Exercise directions:
Write out the entries verbatim and leave the images out of the copy.

──────── Exercise data

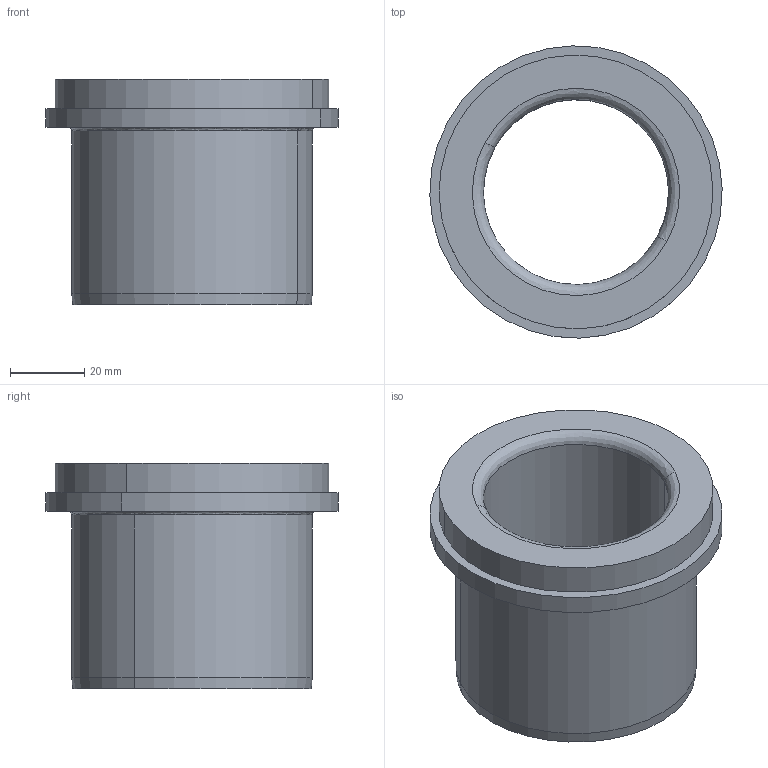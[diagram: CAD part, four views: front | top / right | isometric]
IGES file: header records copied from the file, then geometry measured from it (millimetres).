
Start section: START RECORD GO HERE.
Global section: file name: RDBG200C.5061.igs; native system: IBM CATIA IGES - CATIA Version 5 Release 19 ; preprocessor: CATIA Version 5 Release 19 ; author: Astroboy; organization: Astroboy-PC; date: 20170306.180039; units: millimetre
Bounding box: 78.98 x 78.98 x 61 mm (x, y, z)
Surface area: 28021.8 mm2 (no closed solid volume)
Topology: 0 solids, 0 shells, 18 faces, 77 edges, 81 vertices
Faces by surface type: revolution 14, plane 4
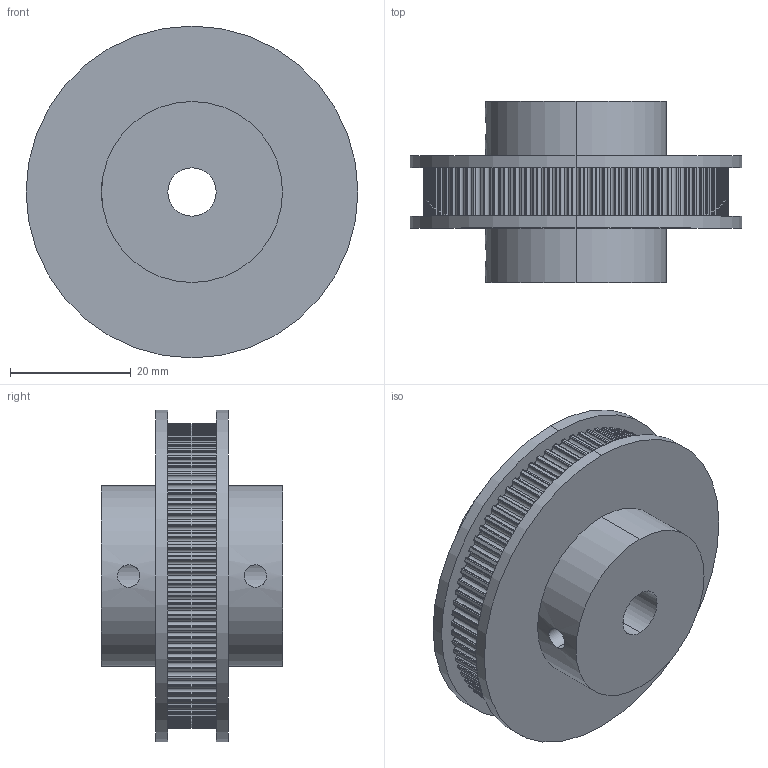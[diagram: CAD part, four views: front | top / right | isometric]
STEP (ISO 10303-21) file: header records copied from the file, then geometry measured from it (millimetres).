
FILE_DESCRIPTION (( 'STEP AP203' ), '1' );
FILE_NAME ('Big pulley.STEP', '2020-07-30T22:33:20', ( '' ), ( '' ), 'SwSTEP 2.0', 'SolidWorks 2018', '' );
FILE_SCHEMA (( 'CONFIG_CONTROL_DESIGN' ));
Length unit declared in the file: millimetre
Products named in the file (1): Big pulley
Bounding box: 55 x 30 x 55 mm (x, y, z)
Volume: 35993 mm3; surface area: 10687.2 mm2
Topology: 1 solids, 1 shells, 660 faces, 1962 edges, 1308 vertices
Faces by surface type: cylinder 494, plane 166
Entity records: 22915 total; most frequent: DIRECTION 4256, CARTESIAN_POINT 4147, ORIENTED_EDGE 3924, EDGE_CURVE 1962, AXIS2_PLACEMENT_3D 1641, VERTEX_POINT 1308, CIRCLE 980, LINE 974

────────────────

Answer to this task:
[diagram: CAD part, four views: front | top / right | isometric]
IGES file: header records copied from the file, then geometry measured from it (millimetres).
Start section: START RECORD GO HERE.
Global section: file name: RDBG200C.5061.igs; native system: IBM CATIA IGES - CATIA Version 5 Release 19 ; preprocessor: CATIA Version 5 Release 19 ; author: Astroboy; organization: Astroboy-PC; date: 20170306.180039; units: millimetre
Bounding box: 78.98 x 78.98 x 61 mm (x, y, z)
Surface area: 28021.8 mm2 (no closed solid volume)
Topology: 0 solids, 0 shells, 18 faces, 77 edges, 81 vertices
Faces by surface type: revolution 14, plane 4
[diagram: CAD part, four views: front | top / right | isometric]
STEP (ISO 10303-21) file: header records copied from the file, then geometry measured from it (millimetres).
FILE_DESCRIPTION (( 'STEP AP203' ), '1' );
FILE_NAME ('Big pulley.STEP', '2020-07-30T22:33:20', ( '' ), ( '' ), 'SwSTEP 2.0', 'SolidWorks 2018', '' );
FILE_SCHEMA (( 'CONFIG_CONTROL_DESIGN' ));
Length unit declared in the file: millimetre
Products named in the file (1): Big pulley
Bounding box: 55 x 30 x 55 mm (x, y, z)
Volume: 35993 mm3; surface area: 10687.2 mm2
Topology: 1 solids, 1 shells, 660 faces, 1962 edges, 1308 vertices
Faces by surface type: cylinder 494, plane 166
Entity records: 22915 total; most frequent: DIRECTION 4256, CARTESIAN_POINT 4147, ORIENTED_EDGE 3924, EDGE_CURVE 1962, AXIS2_PLACEMENT_3D 1641, VERTEX_POINT 1308, CIRCLE 980, LINE 974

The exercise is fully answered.